=== Records ===
────────────────────────────────────────

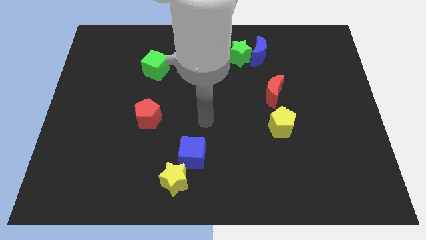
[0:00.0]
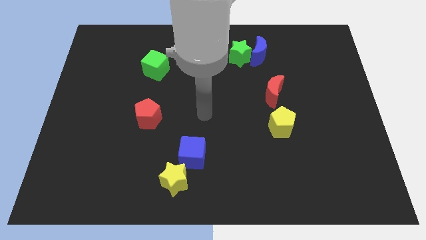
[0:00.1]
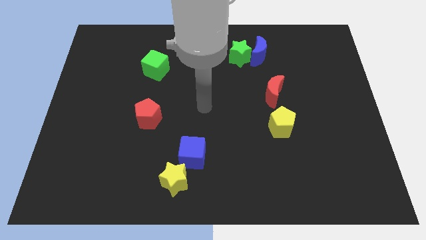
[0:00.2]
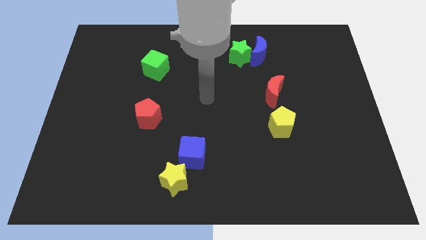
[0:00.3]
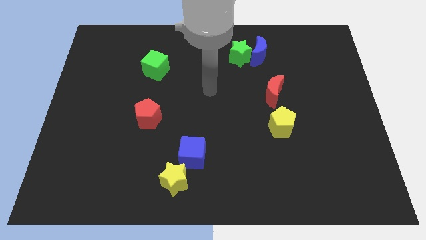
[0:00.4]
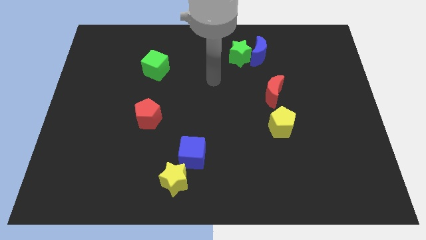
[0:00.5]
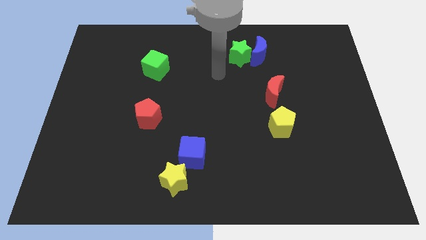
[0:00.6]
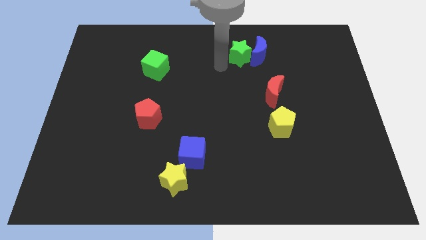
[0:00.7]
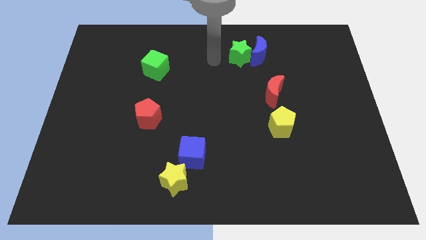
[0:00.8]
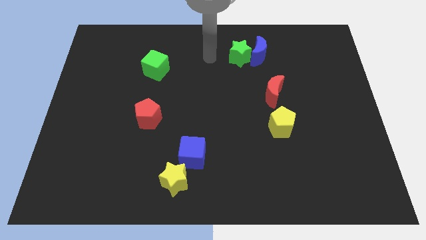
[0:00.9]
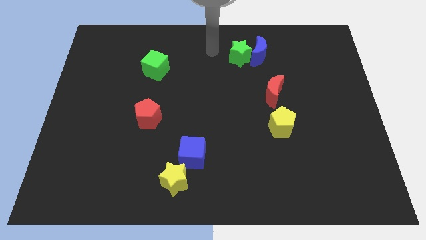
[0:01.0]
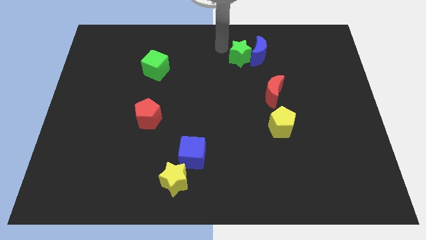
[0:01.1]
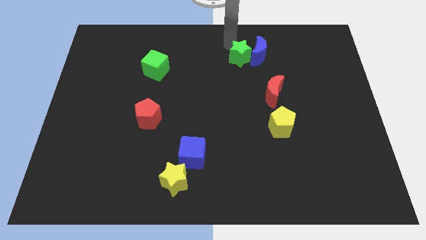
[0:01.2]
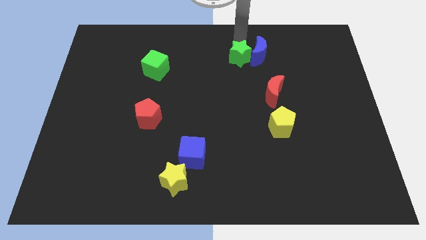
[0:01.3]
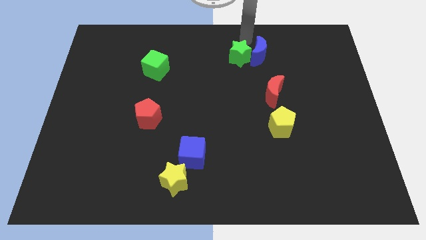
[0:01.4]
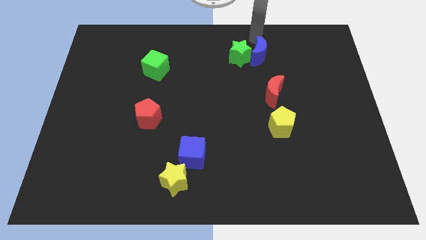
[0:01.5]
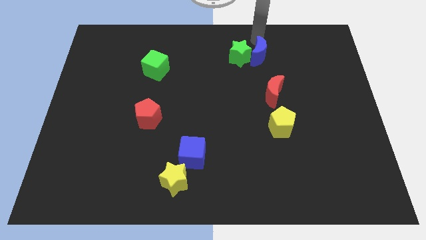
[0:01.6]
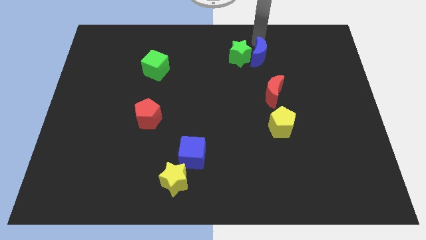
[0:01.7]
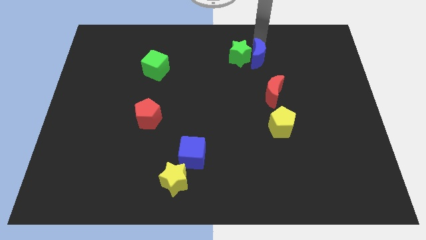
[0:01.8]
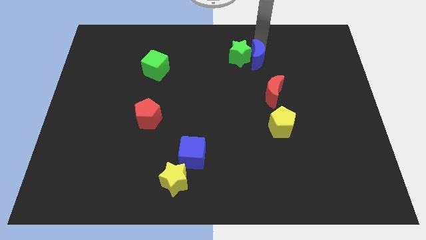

────────────────────────────────────────

=== What this task involves ===
Word for word, restate the whole listing and drop the images.

=== Solution ===
[0:00.0]
[0:00.1]
[0:00.2]
[0:00.3]
[0:00.4]
[0:00.5]
[0:00.6]
[0:00.7]
[0:00.8]
[0:00.9]
[0:01.0]
[0:01.1]
[0:01.2]
[0:01.3]
[0:01.4]
[0:01.5]
[0:01.6]
[0:01.7]
[0:01.8]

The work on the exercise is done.